Basic models and reader for Capella SLCs
Project description
capella-reader
Package for creating typed Python models from Capella Single Look Complex (SLC) GeoTIFF images and JSON metadata.
Capella embeds product metadata in the TIFF tags of its SLC GeoTIFF files[^1]; this package provides utilities for reading and working with that metadata based on the Capella Product Specification version 1.8. Note that the JSON can be parsed with Python's built-in json module; however, this package provides typed models with validation and descriptions for each field for easier integration with other SAR processing libraries.
Additionally, this package includes an ISCE3 adapter via the adapters.isce3 subpackage for working with the ISCE3 processing library.
Example datasets can be found on the Capella Open Data catalog.

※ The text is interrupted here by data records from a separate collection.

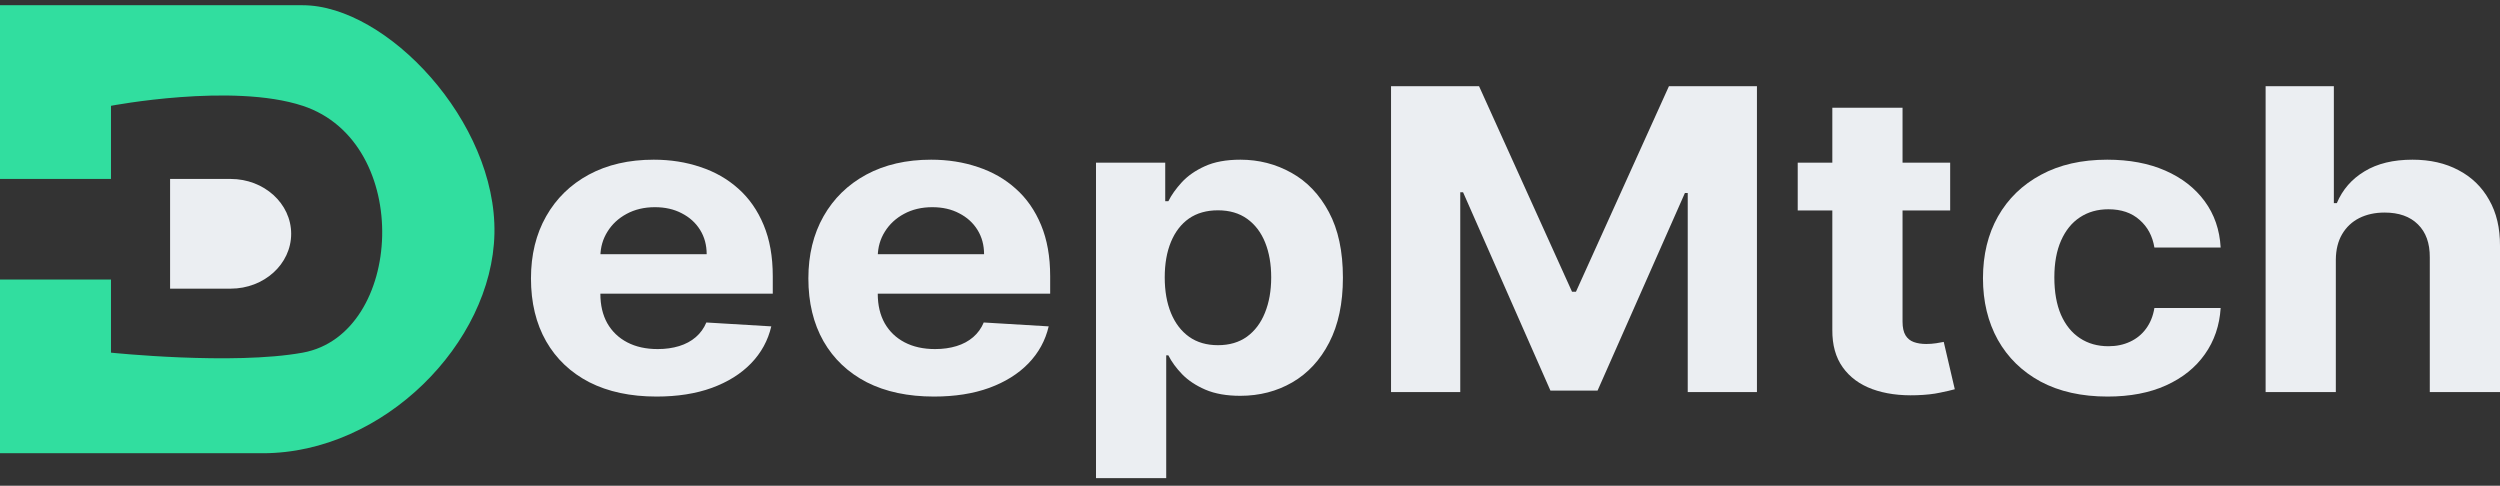 <svg width="175" height="34" viewBox="0 0 175 34" fill="none" xmlns="http://www.w3.org/2000/svg">
<rect x="0" y="0" width="175" height="34" fill="#333333" stroke="none"/>
<g clip-path="url(#clip0_221_9)">
<path d="M45.96 27.759C44.137 27.759 42.568 27.425 41.252 26.756C39.945 26.079 38.937 25.125 38.23 23.891C37.522 22.65 37.168 21.183 37.168 19.49C37.168 17.838 37.522 16.388 38.23 15.14C38.937 13.893 39.933 12.921 41.218 12.224C42.51 11.527 44.025 11.178 45.764 11.178C46.933 11.178 48.021 11.349 49.029 11.691C50.044 12.025 50.929 12.53 51.683 13.207C52.444 13.883 53.036 14.733 53.459 15.757C53.883 16.775 54.094 17.967 54.094 19.333V20.556H39.13V17.796H49.467C49.467 17.155 49.314 16.587 49.006 16.092C48.698 15.597 48.271 15.21 47.725 14.931C47.187 14.646 46.56 14.503 45.844 14.503C45.098 14.503 44.437 14.66 43.86 14.973C43.291 15.28 42.845 15.695 42.522 16.217C42.199 16.733 42.033 17.308 42.026 17.942V20.566C42.026 21.361 42.187 22.047 42.51 22.626C42.841 23.204 43.306 23.651 43.906 23.964C44.506 24.278 45.218 24.435 46.041 24.435C46.587 24.435 47.087 24.365 47.541 24.226C47.994 24.086 48.383 23.877 48.706 23.598C49.029 23.319 49.275 22.978 49.444 22.574L53.99 22.846C53.76 23.835 53.286 24.699 52.571 25.438C51.863 26.17 50.948 26.741 49.825 27.153C48.71 27.557 47.421 27.759 45.96 27.759Z" fill="#EBEEF2"/>
<path d="M65.378 27.759C63.555 27.759 61.986 27.425 60.67 26.756C59.363 26.079 58.355 25.125 57.647 23.891C56.94 22.65 56.586 21.183 56.586 19.49C56.586 17.838 56.94 16.388 57.647 15.14C58.355 13.893 59.351 12.921 60.636 12.224C61.928 11.527 63.443 11.178 65.182 11.178C66.351 11.178 67.439 11.349 68.447 11.691C69.462 12.025 70.347 12.53 71.1 13.207C71.862 13.883 72.454 14.733 72.877 15.757C73.3 16.775 73.512 17.967 73.512 19.333V20.556H58.547V17.796H68.885C68.885 17.155 68.731 16.587 68.424 16.092C68.116 15.597 67.689 15.21 67.143 14.931C66.605 14.646 65.978 14.503 65.262 14.503C64.516 14.503 63.855 14.66 63.278 14.973C62.709 15.28 62.263 15.695 61.939 16.217C61.616 16.733 61.451 17.308 61.443 17.942V20.566C61.443 21.361 61.605 22.047 61.928 22.626C62.259 23.204 62.724 23.651 63.324 23.964C63.924 24.278 64.635 24.435 65.459 24.435C66.005 24.435 66.505 24.365 66.958 24.226C67.412 24.086 67.801 23.877 68.124 23.598C68.447 23.319 68.693 22.978 68.862 22.574L73.408 22.846C73.177 23.835 72.704 24.699 71.989 25.438C71.281 26.17 70.366 26.741 69.243 27.153C68.128 27.557 66.839 27.759 65.378 27.759Z" fill="#EBEEF2"/>
<path d="M76.72 33.467V11.387H81.566V14.085H81.785C82 13.652 82.312 13.213 82.719 12.767C83.135 12.314 83.673 11.938 84.335 11.638C85.004 11.332 85.835 11.178 86.827 11.178C88.119 11.178 89.311 11.485 90.404 12.098C91.496 12.705 92.369 13.621 93.023 14.848C93.677 16.067 94.004 17.597 94.004 19.437C94.004 21.229 93.684 22.741 93.046 23.975C92.415 25.201 91.554 26.132 90.461 26.766C89.377 27.393 88.162 27.707 86.815 27.707C85.862 27.707 85.05 27.564 84.381 27.278C83.719 26.992 83.177 26.634 82.754 26.201C82.331 25.762 82.008 25.32 81.785 24.874H81.635V33.467H76.72ZM81.531 19.416C81.531 20.371 81.677 21.204 81.969 21.915C82.262 22.626 82.685 23.18 83.239 23.577C83.793 23.968 84.466 24.163 85.258 24.163C86.058 24.163 86.735 23.964 87.288 23.567C87.842 23.163 88.261 22.605 88.546 21.894C88.838 21.176 88.984 20.35 88.984 19.416C88.984 18.489 88.842 17.674 88.558 16.97C88.273 16.266 87.854 15.716 87.3 15.318C86.746 14.921 86.065 14.722 85.258 14.722C84.458 14.722 83.781 14.914 83.227 15.297C82.681 15.681 82.262 16.224 81.969 16.928C81.677 17.632 81.531 18.462 81.531 19.416Z" fill="#EBEEF2"/>
<path d="M97.372 6.035H103.534L110.041 20.42H110.318L116.825 6.035H122.986V27.445H118.141V13.51H117.944L111.829 27.341H108.53L102.414 13.457H102.218V27.445H97.372V6.035Z" fill="#EBEEF2"/>
<path d="M136.512 11.387V14.733H125.84V11.387H136.512ZM128.263 7.54H133.178V22.511C133.178 22.922 133.247 23.243 133.386 23.473C133.524 23.696 133.716 23.853 133.963 23.943C134.216 24.034 134.509 24.079 134.839 24.079C135.07 24.079 135.301 24.062 135.532 24.027C135.762 23.985 135.939 23.954 136.062 23.933L136.835 27.247C136.589 27.317 136.243 27.397 135.797 27.487C135.351 27.585 134.809 27.644 134.17 27.665C132.986 27.707 131.947 27.564 131.055 27.236C130.17 26.909 129.482 26.4 128.99 25.71C128.497 25.02 128.255 24.149 128.263 23.096V7.54Z" fill="#EBEEF2"/>
<path d="M147.531 27.759C145.716 27.759 144.154 27.411 142.847 26.714C141.547 26.01 140.547 25.034 139.847 23.786C139.155 22.539 138.808 21.103 138.808 19.479C138.808 17.834 139.158 16.392 139.858 15.151C140.566 13.903 141.57 12.931 142.87 12.234C144.17 11.53 145.716 11.178 147.508 11.178C149.054 11.178 150.408 11.433 151.569 11.941C152.731 12.45 153.65 13.165 154.327 14.085C155.004 15.005 155.377 16.085 155.446 17.326H150.808C150.677 16.524 150.331 15.879 149.769 15.391C149.216 14.897 148.489 14.649 147.589 14.649C146.827 14.649 146.162 14.837 145.593 15.214C145.031 15.583 144.593 16.123 144.277 16.834C143.962 17.545 143.804 18.406 143.804 19.416C143.804 20.441 143.958 21.312 144.266 22.03C144.581 22.748 145.024 23.295 145.593 23.671C146.162 24.048 146.827 24.236 147.589 24.236C148.15 24.236 148.654 24.131 149.1 23.922C149.554 23.713 149.927 23.41 150.219 23.013C150.519 22.608 150.716 22.124 150.808 21.56H155.446C155.369 22.786 155 23.867 154.338 24.8C153.685 25.727 152.781 26.452 151.627 26.975C150.473 27.498 149.108 27.759 147.531 27.759Z" fill="#EBEEF2"/>
<path d="M163.508 18.162V27.445H158.593V6.035H163.37V14.22H163.577C163.977 13.273 164.623 12.53 165.516 11.994C166.408 11.45 167.527 11.178 168.873 11.178C170.104 11.178 171.177 11.422 172.092 11.91C173.015 12.391 173.731 13.085 174.238 13.991C174.754 14.89 175.008 15.966 175 17.221V27.445H170.085V18.015C170.092 17.026 169.816 16.256 169.254 15.705C168.7 15.155 167.923 14.879 166.923 14.879C166.254 14.879 165.662 15.008 165.146 15.266C164.639 15.524 164.239 15.9 163.947 16.395C163.662 16.883 163.516 17.472 163.508 18.162Z" fill="#EBEEF2"/>
<path d="M0 12.526H7.769V7.406C7.769 7.406 16.264 5.783 21.189 7.406C28.959 9.966 28.253 23.406 21.189 24.686C16.292 25.574 7.769 24.686 7.769 24.686V19.566H0V31.726H18.397C26.84 31.726 34.443 24.015 34.61 16.366C34.781 8.52 27.058 0.366 21.189 0.366H0V12.526Z" fill="#31DE9F"/>
<path d="M11.906 12.526H16.144C18.485 12.526 20.382 14.246 20.382 16.366C20.382 18.487 18.485 20.206 16.144 20.206H11.906V12.526Z" fill="#EBEEF2"/>
</g>
<defs>
<clipPath id="clip0_221_9">
<rect width="175" height="34" fill="white"/>
</clipPath>
</defs>
</svg>

[^1]: To work with other formats, such as CPHD and SICD, the sarpy library is recommended.
Installation
pip install capella-reader
Quick Start
from capella_reader import CapellaSLC
# Load a Capella SLC GeoTIFF
slc = CapellaSLC.from_file("tests/data/CAPELLA_C14_SM_SLC_HH_20240626150051_20240626150055.tif")
# Access metadata
print(slc.shape) # (rows, cols)
print(slc.meta.collect.platform) # 'capella-14'
print(slc.meta.collect.image.center_pixel.incidence_angle)
Loading Metadata from JSON
You can also load metadata directly from extended metadata JSON files:
from pathlib import Path
from capella_reader import CapellaSLC, CapellaSLCMetadata
md_file = "CAPELLA_C13_SP_SLC_HH_20241126045307_20241126045346_extended.json"
slc = CapellaSLC.from_file(md_file)
# Or from a Python dict
import json
data = json.loads(Path(md_file).read_text())
meta = CapellaSLCMetadata.model_validate(data)
# Round-trip: dump back to JSON
json_str = meta.model_dump_json(indent=2)
Remote Files
With the optional fsspec dependency, you can read directly from URLs:
pip install capella-reader[fsspec]
capella-reader bounds https://capella-open-data.s3.amazonaws.com/data/2025/5/6/CAPELLA_C13_SP_SLC_HH_20250506043806_20250506043816/CAPELLA_C13_SP_SLC_HH_20250506043806_20250506043816.tif
# -121.92123 37.27596 -121.81966 37.36195
# Or from python:
slc = CapellaSLC.from_file("https://capella-open-data.s3.amazonaws.com/.../file.tif")
Examples
The docs/examples/ directory contains visualization scripts demonstrating orbit and image footprint analysis:
Orbit Visualization
# Combined map with orbit track and image footprint
python examples/orbit_footprint_map.py
See docs/examples/README.md for installation requirements and details.
ISCE3 Integration
For users working with ISCE3, conversion utilities are available in the adapters.isce3 subpackage:
from capella_reader import CapellaSLC
from capella_reader import adapters
slc = CapellaSLC.from_file("path/to/slc.tif")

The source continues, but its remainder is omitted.